We’re going to park our script in /usr/local/bin, which is a good place to put scripts and binaries that you’ve created. Create a new file there named getpads.sh and stuff it full of the following:

#! /bin/bash
PADPATH="/usr/share/nginx/html/padlist.txt"
redis-cli keys 'pad:*' |grep -Eo '^pad:[^:]+' |sed -e 's/pad://'
|sort |uniq -c |sort -rn |awk '{if ($1!="2") {print $2 }}'
|sed -e 's/.*/<a href="\/p\/&">&<\/a>/' -e 's/^/<li>/' -e 's/$/<\/li>/'
> "$PADPATH"
echo "</ul>" >> "$PADPATH"
echo "<p>List updated at $(date "+%R %Z")</p>" >> "$PADPATH"

(Same deal as before—remove the linebreaks if you’re cutting and pasting this or it won’t work!)

You’ll recognize our redis-cli command up there for drawing forth the list of pads, but with a few additions on the end—specifically, a big long sed statement. Go ahead and run just the redis-cli command, stopping before the > "$PADPATH" portion.

Behold the power of text manipulation in the bash shell.

Credit: Lee Hutchinson

We’re using sed to not only insert a li tag at the beginning of each line, but also to create a hyperlink out of each line using that line’s name as the basis for the link. The hyperlinks will give single-click access to each pad. Finally, we’re closing the links and the list item tags, again with sed.
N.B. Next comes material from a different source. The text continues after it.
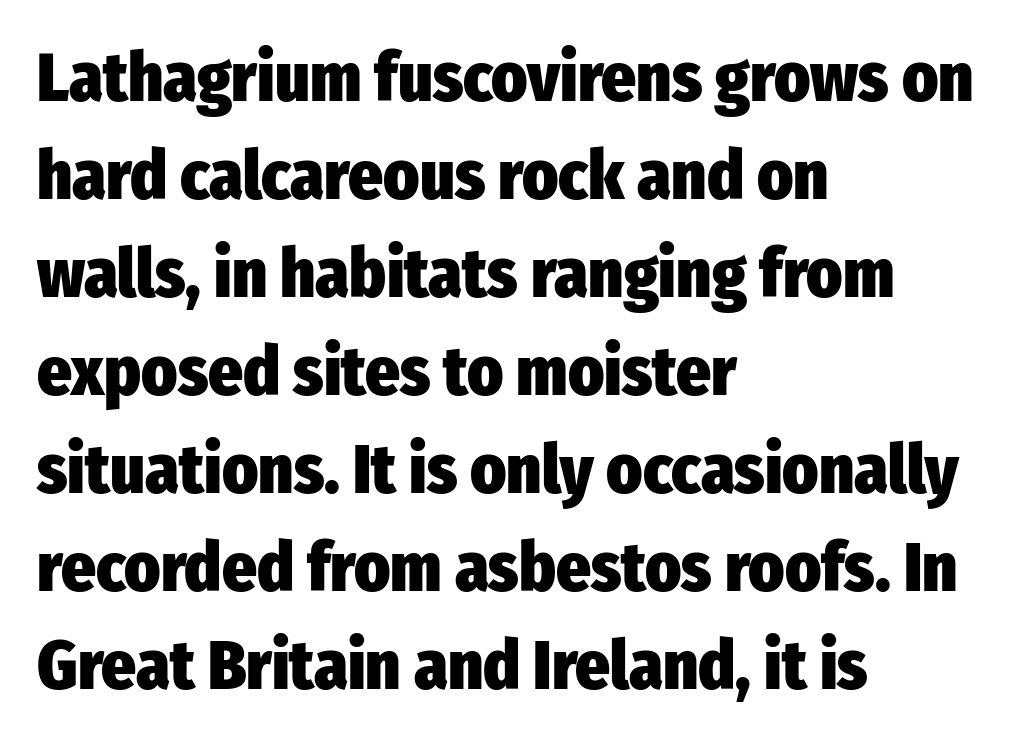
{"serif": "no", "italic": "no", "bold": "yes", "weight": "heavy", "width": "condensed", "stroke_contrast": "low", "x_height": "medium", "monospaced": "no", "underline": "no", "align": "left", "line_spacing": "normal", "line_spacing_ratio": 1.44, "letter_spacing": "normal", "letter_spacing_em": 0.0, "glyph_px": 68}

This is the kind of shell magic that makes Unix folks cackle at Windows users and the poor stunted Windows command line (at least, prior to Powershell’s appearance).

The last two echo commands close the list and also add the date and time showing when the pad list was last updated. Old Unix hands will note that I’ve started the script off with a /bin/bash shebang; this is because the date command didn’t work properly when I tested with plain old sh. This isn’t really best practice, but since we’re using Ubuntu and we know /bin/bash is available, we can get away with it.
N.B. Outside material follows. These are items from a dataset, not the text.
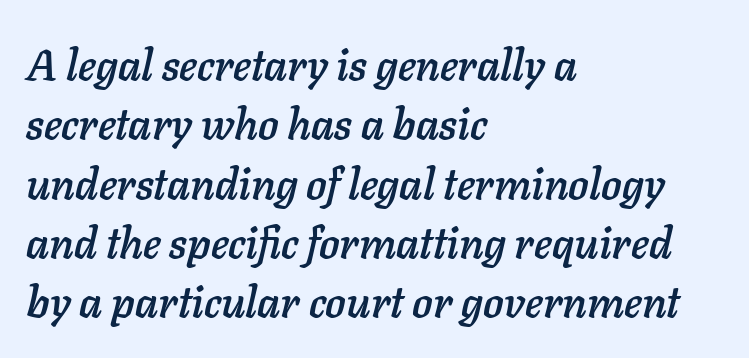
The image shows 43 px text type, italic (leaning right); set left-aligned, normal line spacing (1.38x), normal letter spacing, not underlined; low stroke contrast and a medium x-height.
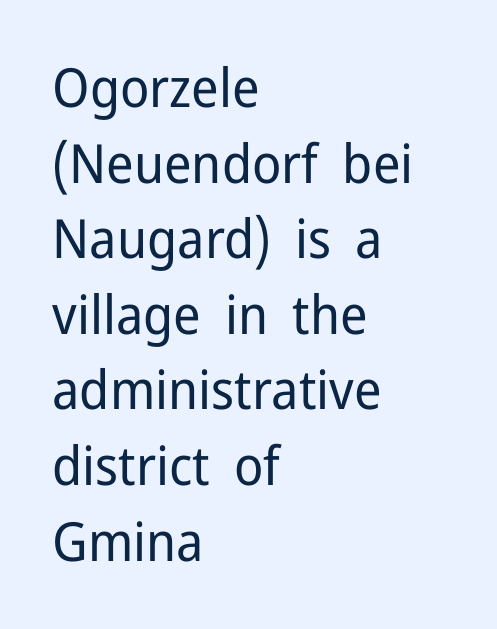
The image shows 54 px regular-weight sans-serif type, upright; set left-aligned, normal line spacing (1.4x), normal letter spacing, not underlined; low stroke contrast and a medium x-height.
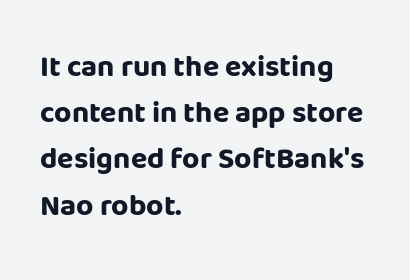
The image shows 30 px bold sans-serif type, upright; set left-aligned, normal line spacing (1.54x), normal letter spacing, not underlined; low stroke contrast and a large x-height.
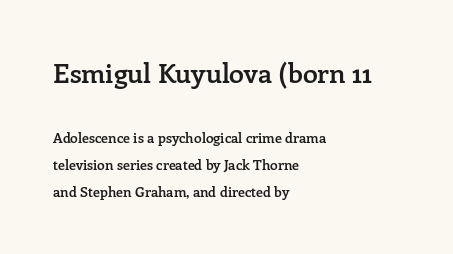
{"italic": "no", "bold": "semi", "underline": "no", "align": "left", "line_spacing": "loose", "line_spacing_ratio": 1.93, "letter_spacing": "normal", "letter_spacing_em": 0.0, "larger_block": "first", "size_ratio": 1.93, "glyph_px": 27}
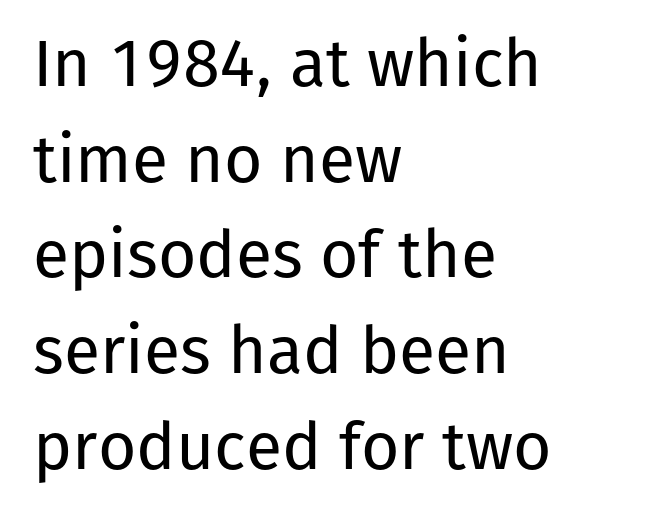
Teacher's note: observe the even left margin — that is flush-left alignment. A sans-serif font was chosen for this passage. Baseline-to-baseline distance is the conventional proportion of letter height. These lines were composed using upright roman letters.
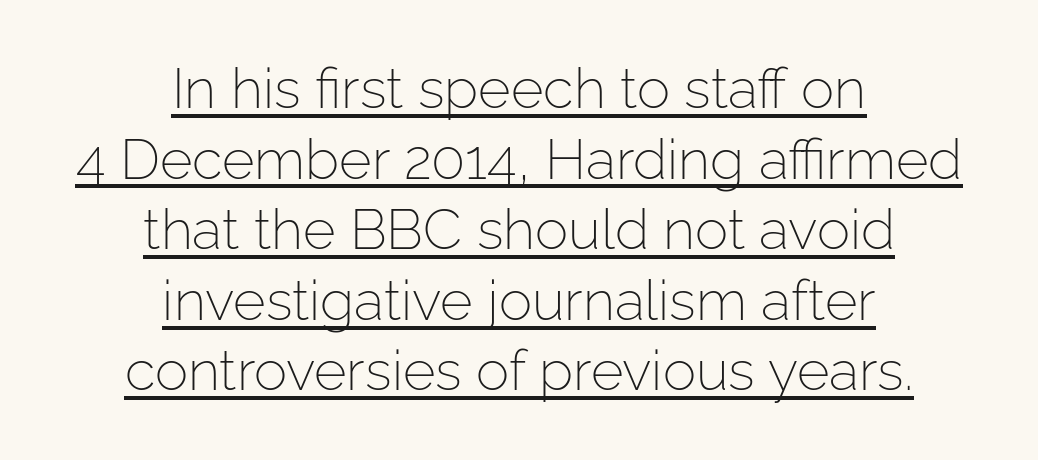
The image shows 56 px light sans-serif type, upright; set centered, normal line spacing (1.26x), normal letter spacing, underlined; low stroke contrast and a medium x-height.
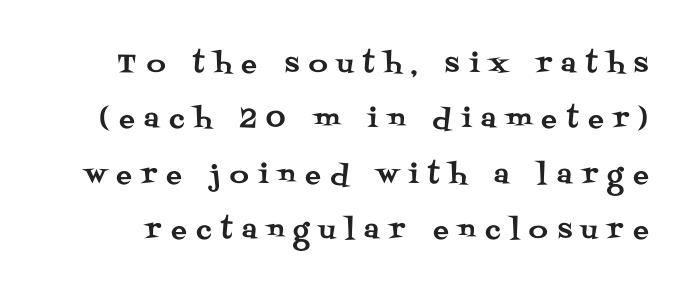
Compared with typical body copy, the letter spacing here is much looser. Posture: straight, roman, zero tilt. The vertical gap from one line to the next is large. A clean baseline with only descenders dipping below it.

Save and exit the script, and then make it executable with the chmod command:

chmod +x /usr/local/bin/getpads.sh

Finally, to get that script executing automatically every minute, we need to edit the system crontab file, which is what the cron daemon uses to get its instructions. We want the script to fire every minute of every hour of every day, so open up /etc/crontab as root and add the following to it:

* *  * * *   root    /bin/bash /usr/local/bin/getpads.sh &> /dev/null

Give your server about a minute, and then check the modified date on /usr/share/nginx/html/padlist.txt. The timestamp should be updated to just a minute ago, indicating that cron is running the script and automatically updating the file.

Activating server side includes in Nginx

One final thing remains to be done: enabling SSI in Nginx. This is a simple change, and needs to be made in the www virtual host file, under /etc/nginx/sites-available. Add the following line to the server block near the top, right below the server_name directive:

ssi on;

Restart Nginx, and then, with fingers crossed, visit your Etherpad instance. If everything worked, you should see something like this:

Same as the first time, except now we have a list of our pads!

Credit: Lee Hutchinson

Create a new pad and add some text to it, then wait a minute or so and hit your Etherpad front page again. If your script is working and cron is automatically running it, you’ll see your new pad in the list:

And after waiting a minute to refresh, there’s our new pad, right where it should be.

Credit: Lee Hutchinson

Congrats, it works!

This has been one of the longest entries in the series, but we managed to cover a huge amount of ground—we’ve got Redis and Node.js running, we’ve got our real-time collaboration application available, and we managed to do some totally cool SSI hackery to extend its functionality a little bit!